• What needs to be done: Look in the material below for the line holding "#11588=DIRECTION('',(0.0,0.0,-1.0));". Set it down exactly, with each later line up to and including the line holding "#11769=ORIENTED_EDGE('',*,*,#11750,.F.);".

• Data in this exercise:

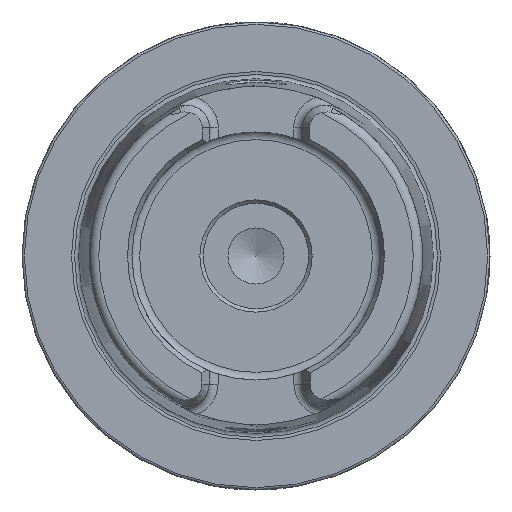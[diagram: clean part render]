
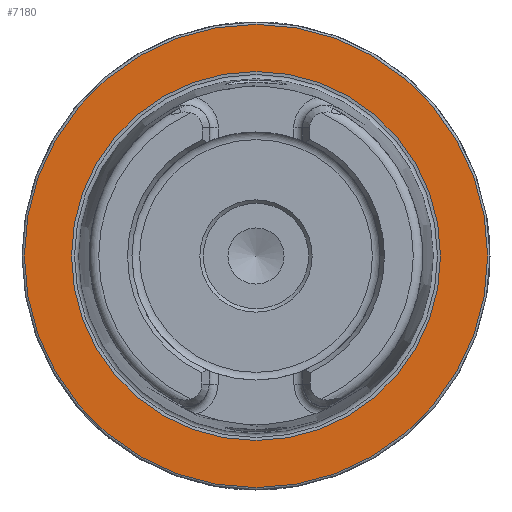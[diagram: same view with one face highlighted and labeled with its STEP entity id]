
A CAD part, left-side view. The second image highlights one B-rep face of the part: STEP entity #7180.
In plain terms, the highlighted planar face has unit normal (-1, 0, 0).
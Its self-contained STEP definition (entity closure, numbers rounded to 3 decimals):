
#883 = ORIENTED_EDGE ( 'NONE', *, *, #7823, .T. ) ;
#1620 = FACE_OUTER_BOUND ( 'NONE', #12871, .T. ) ;
#2265 = CARTESIAN_POINT ( 'NONE',  ( 0., 0., 49.5 ) ) ;
#2481 = DIRECTION ( 'NONE',  ( -1., 0., 0. ) ) ;
#2676 = VERTEX_POINT ( 'NONE', #11797 ) ;
#4114 = FACE_BOUND ( 'NONE', #11095, .T. ) ;
#4611 = AXIS2_PLACEMENT_3D ( 'NONE', #12017, #2481, #8798 ) ;
#4868 = DIRECTION ( 'NONE',  ( -1., 0., 0. ) ) ;
#5354 = CIRCLE ( 'NONE', #5739, 39.414 ) ;
#5591 = CIRCLE ( 'NONE', #4611, 49.5 ) ;
#5694 = EDGE_CURVE ( 'NONE', #2676, #2676, #5354, .T. ) ;
#5739 = AXIS2_PLACEMENT_3D ( 'NONE', #5844, #4868, #6943 ) ;
#5844 = CARTESIAN_POINT ( 'NONE',  ( 0., 0., 0. ) ) ;
#6943 = DIRECTION ( 'NONE',  ( 0., 0., 1. ) ) ;
#7180 = ADVANCED_FACE ( 'NONE', ( #4114, #1620 ), #9824, .F. ) ;
#7745 = DIRECTION ( 'NONE',  ( 0., 0., -1. ) ) ;
#7823 = EDGE_CURVE ( 'NONE', #11434, #11434, #5591, .T. ) ;
#8798 = DIRECTION ( 'NONE',  ( 0., 0., 1. ) ) ;
#9190 = AXIS2_PLACEMENT_3D ( 'NONE', #13053, #11845, #7745 ) ;
#9824 = PLANE ( 'NONE',  #9190 ) ;
#11095 = EDGE_LOOP ( 'NONE', ( #11460 ) ) ;
#11434 = VERTEX_POINT ( 'NONE', #2265 ) ;
#11460 = ORIENTED_EDGE ( 'NONE', *, *, #5694, .F. ) ;
#11797 = CARTESIAN_POINT ( 'NONE',  ( 0., 0., 39.414 ) ) ;
#11845 = DIRECTION ( 'NONE',  ( 1., 0., 0. ) ) ;
#12017 = CARTESIAN_POINT ( 'NONE',  ( 0., 0., 0. ) ) ;
#12871 = EDGE_LOOP ( 'NONE', ( #883 ) ) ;
#13053 = CARTESIAN_POINT ( 'NONE',  ( 0., 49.5, 0. ) ) ;
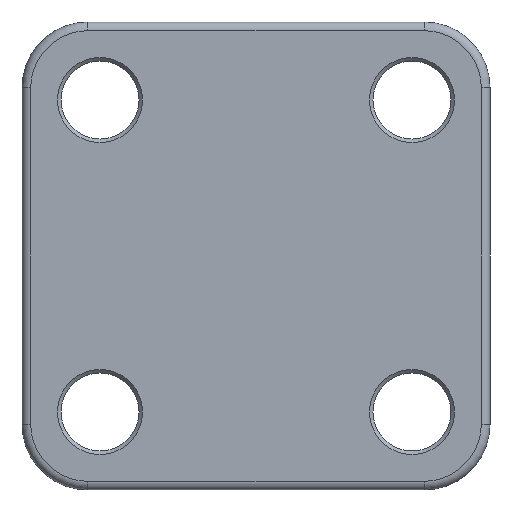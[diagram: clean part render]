
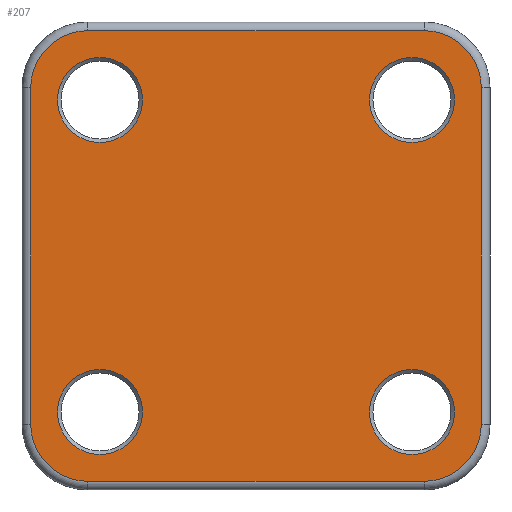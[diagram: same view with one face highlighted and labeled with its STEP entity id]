
A CAD part, left-side view. The second image highlights one B-rep face of the part: STEP entity #207.
In plain terms, the highlighted planar face has unit normal (-1, 0, 0).
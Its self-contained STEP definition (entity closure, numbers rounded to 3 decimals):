
#84=CARTESIAN_POINT('',(0.0,11.45,-9.0));
#85=VERTEX_POINT('',#84);
#86=CARTESIAN_POINT('',(0.0,9.0,-9.0));
#87=DIRECTION('',(-1.0,0.0,0.0));
#88=DIRECTION('',(0.0,-1.0,0.0));
#89=AXIS2_PLACEMENT_3D('',#86,#87,#88);
#90=CIRCLE('',#89,2.45);
#91=EDGE_CURVE('',#85,#85,#90,.T.);
#96=CARTESIAN_POINT('',(0.0,0.,0.));
#97=DIRECTION('',(1.0,0.0,0.0));
#98=DIRECTION('',(0.0,0.0,-1.0));
#99=AXIS2_PLACEMENT_3D('',#96,#97,#98);
#100=PLANE('',#99);
#101=CARTESIAN_POINT('',(0.0,9.7,-13.));
#102=VERTEX_POINT('',#101);
#103=CARTESIAN_POINT('',(0.0,13.,-9.7));
#104=VERTEX_POINT('',#103);
#105=CARTESIAN_POINT('',(0.0,9.7,-9.7));
#106=DIRECTION('',(1.0,0.0,0.0));
#107=DIRECTION('',(0.0,0.707,-0.707));
#108=AXIS2_PLACEMENT_3D('',#105,#106,#107);
#109=CIRCLE('',#108,3.3);
#110=EDGE_CURVE('',#102,#104,#109,.T.);
#111=ORIENTED_EDGE('',*,*,#110,.F.);
#112=CARTESIAN_POINT('',(0.0,-9.7,-13.0));
#113=VERTEX_POINT('',#112);
#114=CARTESIAN_POINT('',(0.0,-9.7,-13.));
#115=DIRECTION('',(0.0,1.0,0.0));
#116=VECTOR('',#115,19.4);
#117=LINE('',#114,#116);
#118=EDGE_CURVE('',#113,#102,#117,.T.);
#119=ORIENTED_EDGE('',*,*,#118,.F.);
#120=CARTESIAN_POINT('',(0.0,-13.,-9.7));
#121=VERTEX_POINT('',#120);
#122=CARTESIAN_POINT('',(0.0,-9.7,-9.7));
#123=DIRECTION('',(1.0,0.0,0.0));
#124=DIRECTION('',(0.0,-0.707,-0.707));
#125=AXIS2_PLACEMENT_3D('',#122,#123,#124);
#126=CIRCLE('',#125,3.3);
#127=EDGE_CURVE('',#121,#113,#126,.T.);
#128=ORIENTED_EDGE('',*,*,#127,.F.);
#129=CARTESIAN_POINT('',(0.0,-13.,9.7));
#130=VERTEX_POINT('',#129);
#131=CARTESIAN_POINT('',(0.0,-13.,9.7));
#132=DIRECTION('',(0.0,0.0,-1.0));
#133=VECTOR('',#132,19.4);
#134=LINE('',#131,#133);
#135=EDGE_CURVE('',#130,#121,#134,.T.);
#136=ORIENTED_EDGE('',*,*,#135,.F.);
#137=CARTESIAN_POINT('',(0.0,-9.7,13.));
#138=VERTEX_POINT('',#137);
#139=CARTESIAN_POINT('',(0.0,-9.7,9.7));
#140=DIRECTION('',(1.0,0.0,0.0));
#141=DIRECTION('',(0.0,-0.707,0.707));
#142=AXIS2_PLACEMENT_3D('',#139,#140,#141);
#143=CIRCLE('',#142,3.3);
#144=EDGE_CURVE('',#138,#130,#143,.T.);
#145=ORIENTED_EDGE('',*,*,#144,.F.);
#146=CARTESIAN_POINT('',(0.0,9.7,13.0));
#147=VERTEX_POINT('',#146);
#148=CARTESIAN_POINT('',(0.0,9.7,13.));
#149=DIRECTION('',(0.0,-1.0,0.0));
#150=VECTOR('',#149,19.4);
#151=LINE('',#148,#150);
#152=EDGE_CURVE('',#147,#138,#151,.T.);
#153=ORIENTED_EDGE('',*,*,#152,.F.);
#154=CARTESIAN_POINT('',(0.0,13.,9.7));
#155=VERTEX_POINT('',#154);
#156=CARTESIAN_POINT('',(0.0,9.7,9.7));
#157=DIRECTION('',(1.0,0.0,0.0));
#158=DIRECTION('',(0.0,0.707,0.707));
#159=AXIS2_PLACEMENT_3D('',#156,#157,#158);
#160=CIRCLE('',#159,3.3);
#161=EDGE_CURVE('',#155,#147,#160,.T.);
#162=ORIENTED_EDGE('',*,*,#161,.F.);
#163=CARTESIAN_POINT('',(0.0,13.,-9.7));
#164=DIRECTION('',(0.0,0.0,1.0));
#165=VECTOR('',#164,19.4);
#166=LINE('',#163,#165);
#167=EDGE_CURVE('',#104,#155,#166,.T.);
#168=ORIENTED_EDGE('',*,*,#167,.F.);
#169=EDGE_LOOP('',(#111,#119,#128,#136,#145,#153,#162,#168));
#170=FACE_OUTER_BOUND('',#169,.T.);
#171=CARTESIAN_POINT('',(0.0,-6.55,-9.0));
#172=VERTEX_POINT('',#171);
#173=CARTESIAN_POINT('',(0.0,-9.0,-9.0));
#174=DIRECTION('',(-1.0,0.0,0.0));
#175=DIRECTION('',(0.0,-1.0,0.0));
#176=AXIS2_PLACEMENT_3D('',#173,#174,#175);
#177=CIRCLE('',#176,2.45);
#178=EDGE_CURVE('',#172,#172,#177,.T.);
#179=ORIENTED_EDGE('',*,*,#178,.F.);
#180=EDGE_LOOP('',(#179));
#181=FACE_BOUND('',#180,.T.);
#182=CARTESIAN_POINT('',(0.0,11.45,9.0));
#183=VERTEX_POINT('',#182);
#184=CARTESIAN_POINT('',(0.0,9.0,9.0));
#185=DIRECTION('',(-1.0,0.0,0.0));
#186=DIRECTION('',(0.0,-1.0,0.0));
#187=AXIS2_PLACEMENT_3D('',#184,#185,#186);
#188=CIRCLE('',#187,2.45);
#189=EDGE_CURVE('',#183,#183,#188,.T.);
#190=ORIENTED_EDGE('',*,*,#189,.F.);
#191=EDGE_LOOP('',(#190));
#192=FACE_BOUND('',#191,.T.);
#193=CARTESIAN_POINT('',(0.0,-6.55,9.0));
#194=VERTEX_POINT('',#193);
#195=CARTESIAN_POINT('',(0.0,-9.0,9.0));
#196=DIRECTION('',(-1.0,0.0,0.0));
#197=DIRECTION('',(0.0,-1.0,0.0));
#198=AXIS2_PLACEMENT_3D('',#195,#196,#197);
#199=CIRCLE('',#198,2.45);
#200=EDGE_CURVE('',#194,#194,#199,.T.);
#201=ORIENTED_EDGE('',*,*,#200,.F.);
#202=EDGE_LOOP('',(#201));
#203=FACE_BOUND('',#202,.T.);
#204=ORIENTED_EDGE('',*,*,#91,.F.);
#205=EDGE_LOOP('',(#204));
#206=FACE_BOUND('',#205,.T.);
#207=ADVANCED_FACE('',(#170,#181,#192,#203,#206),#100,.F.);
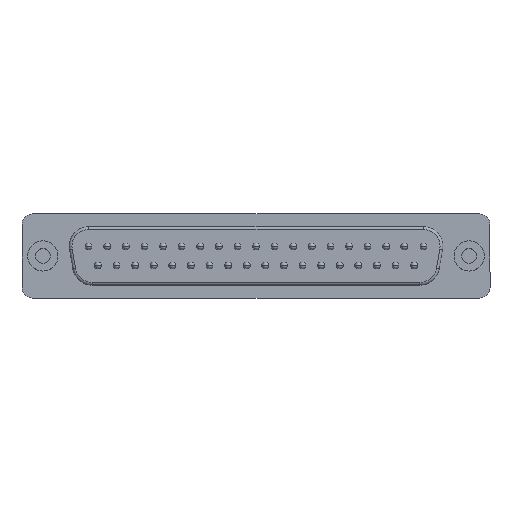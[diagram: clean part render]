
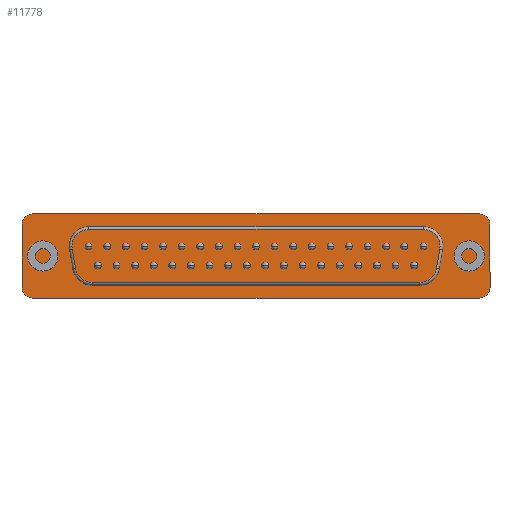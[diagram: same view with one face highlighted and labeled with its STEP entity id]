
A CAD part, top view. The second image highlights one B-rep face of the part: STEP entity #11778.
In plain terms, the highlighted planar face has unit normal (0, 0, 1).
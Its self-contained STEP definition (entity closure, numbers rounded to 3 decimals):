
#11512=CARTESIAN_POINT('',(-33.25,-6.275,6.0));
#11513=VERTEX_POINT('',#11512);
#11514=CARTESIAN_POINT('',(-34.85,-4.675,6.0));
#11515=VERTEX_POINT('',#11514);
#11516=CARTESIAN_POINT('',(-33.25,-4.675,6.0));
#11517=DIRECTION('',(0.0,0.0,-1.0));
#11518=DIRECTION('',(-0.707,-0.707,0.0));
#11519=AXIS2_PLACEMENT_3D('',#11516,#11517,#11518);
#11520=CIRCLE('',#11519,1.6);
#11521=EDGE_CURVE('',#11513,#11515,#11520,.T.);
#11554=CARTESIAN_POINT('',(-34.85,4.675,6.0));
#11555=VERTEX_POINT('',#11554);
#11556=CARTESIAN_POINT('',(-34.85,-4.675,6.0));
#11557=DIRECTION('',(0.0,1.0,0.0));
#11558=VECTOR('',#11557,9.35);
#11559=LINE('',#11556,#11558);
#11560=EDGE_CURVE('',#11515,#11555,#11559,.T.);
#11585=CARTESIAN_POINT('',(-33.25,6.275,6.0));
#11586=VERTEX_POINT('',#11585);
#11587=CARTESIAN_POINT('',(-33.25,4.675,6.0));
#11588=DIRECTION('',(0.0,0.0,-1.0));
#11589=DIRECTION('',(-0.707,0.707,0.0));
#11590=AXIS2_PLACEMENT_3D('',#11587,#11588,#11589);
#11591=CIRCLE('',#11590,1.6);
#11592=EDGE_CURVE('',#11555,#11586,#11591,.T.);
#11618=CARTESIAN_POINT('',(33.25,6.275,6.0));
#11619=VERTEX_POINT('',#11618);
#11620=CARTESIAN_POINT('',(-33.25,6.275,6.0));
#11621=DIRECTION('',(1.0,0.0,0.0));
#11622=VECTOR('',#11621,66.5);
#11623=LINE('',#11620,#11622);
#11624=EDGE_CURVE('',#11586,#11619,#11623,.T.);
#11649=CARTESIAN_POINT('',(34.85,4.675,6.0));
#11650=VERTEX_POINT('',#11649);
#11651=CARTESIAN_POINT('',(33.25,4.675,6.0));
#11652=DIRECTION('',(0.0,0.0,-1.));
#11653=DIRECTION('',(0.707,0.707,0.0));
#11654=AXIS2_PLACEMENT_3D('',#11651,#11652,#11653);
#11655=CIRCLE('',#11654,1.6);
#11656=EDGE_CURVE('',#11619,#11650,#11655,.T.);
#11682=CARTESIAN_POINT('',(34.85,-4.675,6.0));
#11683=VERTEX_POINT('',#11682);
#11684=CARTESIAN_POINT('',(34.85,4.675,6.0));
#11685=DIRECTION('',(0.0,-1.0,0.0));
#11686=VECTOR('',#11685,9.35);
#11687=LINE('',#11684,#11686);
#11688=EDGE_CURVE('',#11650,#11683,#11687,.T.);
#11713=CARTESIAN_POINT('',(33.25,-6.275,6.0));
#11714=VERTEX_POINT('',#11713);
#11715=CARTESIAN_POINT('',(33.25,-4.675,6.0));
#11716=DIRECTION('',(0.0,0.0,-1.0));
#11717=DIRECTION('',(0.707,-0.707,0.0));
#11718=AXIS2_PLACEMENT_3D('',#11715,#11716,#11717);
#11719=CIRCLE('',#11718,1.6);
#11720=EDGE_CURVE('',#11683,#11714,#11719,.T.);
#11746=CARTESIAN_POINT('',(33.25,-6.275,6.0));
#11747=DIRECTION('',(-1.0,0.0,0.0));
#11748=VECTOR('',#11747,66.5);
#11749=LINE('',#11746,#11748);
#11750=EDGE_CURVE('',#11714,#11513,#11749,.T.);
#11763=CARTESIAN_POINT('',(0.,0.,6.0));
#11764=DIRECTION('',(0.0,0.0,1.0));
#11765=DIRECTION('',(1.0,0.0,0.0));
#11766=AXIS2_PLACEMENT_3D('',#11763,#11764,#11765);
#11767=PLANE('',#11766);
#11768=ORIENTED_EDGE('',*,*,#11521,.F.);
#11769=ORIENTED_EDGE('',*,*,#11750,.F.);
#11770=ORIENTED_EDGE('',*,*,#11720,.F.);
#11771=ORIENTED_EDGE('',*,*,#11688,.F.);
#11772=ORIENTED_EDGE('',*,*,#11656,.F.);
#11773=ORIENTED_EDGE('',*,*,#11624,.F.);
#11774=ORIENTED_EDGE('',*,*,#11592,.F.);
#11775=ORIENTED_EDGE('',*,*,#11560,.F.);
#11776=EDGE_LOOP('',(#11768,#11769,#11770,#11771,#11772,#11773,#11774,#11775));
#11777=FACE_OUTER_BOUND('',#11776,.T.);
#11778=ADVANCED_FACE('',(#11777),#11767,.T.);

• Your response:
#11588=DIRECTION('',(0.0,0.0,-1.0));
#11589=DIRECTION('',(-0.707,0.707,0.0));
#11590=AXIS2_PLACEMENT_3D('',#11587,#11588,#11589);
#11591=CIRCLE('',#11590,1.6);
#11592=EDGE_CURVE('',#11555,#11586,#11591,.T.);
#11618=CARTESIAN_POINT('',(33.25,6.275,6.0));
#11619=VERTEX_POINT('',#11618);
#11620=CARTESIAN_POINT('',(-33.25,6.275,6.0));
#11621=DIRECTION('',(1.0,0.0,0.0));
#11622=VECTOR('',#11621,66.5);
#11623=LINE('',#11620,#11622);
#11624=EDGE_CURVE('',#11586,#11619,#11623,.T.);
#11649=CARTESIAN_POINT('',(34.85,4.675,6.0));
#11650=VERTEX_POINT('',#11649);
#11651=CARTESIAN_POINT('',(33.25,4.675,6.0));
#11652=DIRECTION('',(0.0,0.0,-1.));
#11653=DIRECTION('',(0.707,0.707,0.0));
#11654=AXIS2_PLACEMENT_3D('',#11651,#11652,#11653);
#11655=CIRCLE('',#11654,1.6);
#11656=EDGE_CURVE('',#11619,#11650,#11655,.T.);
#11682=CARTESIAN_POINT('',(34.85,-4.675,6.0));
#11683=VERTEX_POINT('',#11682);
#11684=CARTESIAN_POINT('',(34.85,4.675,6.0));
#11685=DIRECTION('',(0.0,-1.0,0.0));
#11686=VECTOR('',#11685,9.35);
#11687=LINE('',#11684,#11686);
#11688=EDGE_CURVE('',#11650,#11683,#11687,.T.);
#11713=CARTESIAN_POINT('',(33.25,-6.275,6.0));
#11714=VERTEX_POINT('',#11713);
#11715=CARTESIAN_POINT('',(33.25,-4.675,6.0));
#11716=DIRECTION('',(0.0,0.0,-1.0));
#11717=DIRECTION('',(0.707,-0.707,0.0));
#11718=AXIS2_PLACEMENT_3D('',#11715,#11716,#11717);
#11719=CIRCLE('',#11718,1.6);
#11720=EDGE_CURVE('',#11683,#11714,#11719,.T.);
#11746=CARTESIAN_POINT('',(33.25,-6.275,6.0));
#11747=DIRECTION('',(-1.0,0.0,0.0));
#11748=VECTOR('',#11747,66.5);
#11749=LINE('',#11746,#11748);
#11750=EDGE_CURVE('',#11714,#11513,#11749,.T.);
#11763=CARTESIAN_POINT('',(0.,0.,6.0));
#11764=DIRECTION('',(0.0,0.0,1.0));
#11765=DIRECTION('',(1.0,0.0,0.0));
#11766=AXIS2_PLACEMENT_3D('',#11763,#11764,#11765);
#11767=PLANE('',#11766);
#11768=ORIENTED_EDGE('',*,*,#11521,.F.);
#11769=ORIENTED_EDGE('',*,*,#11750,.F.);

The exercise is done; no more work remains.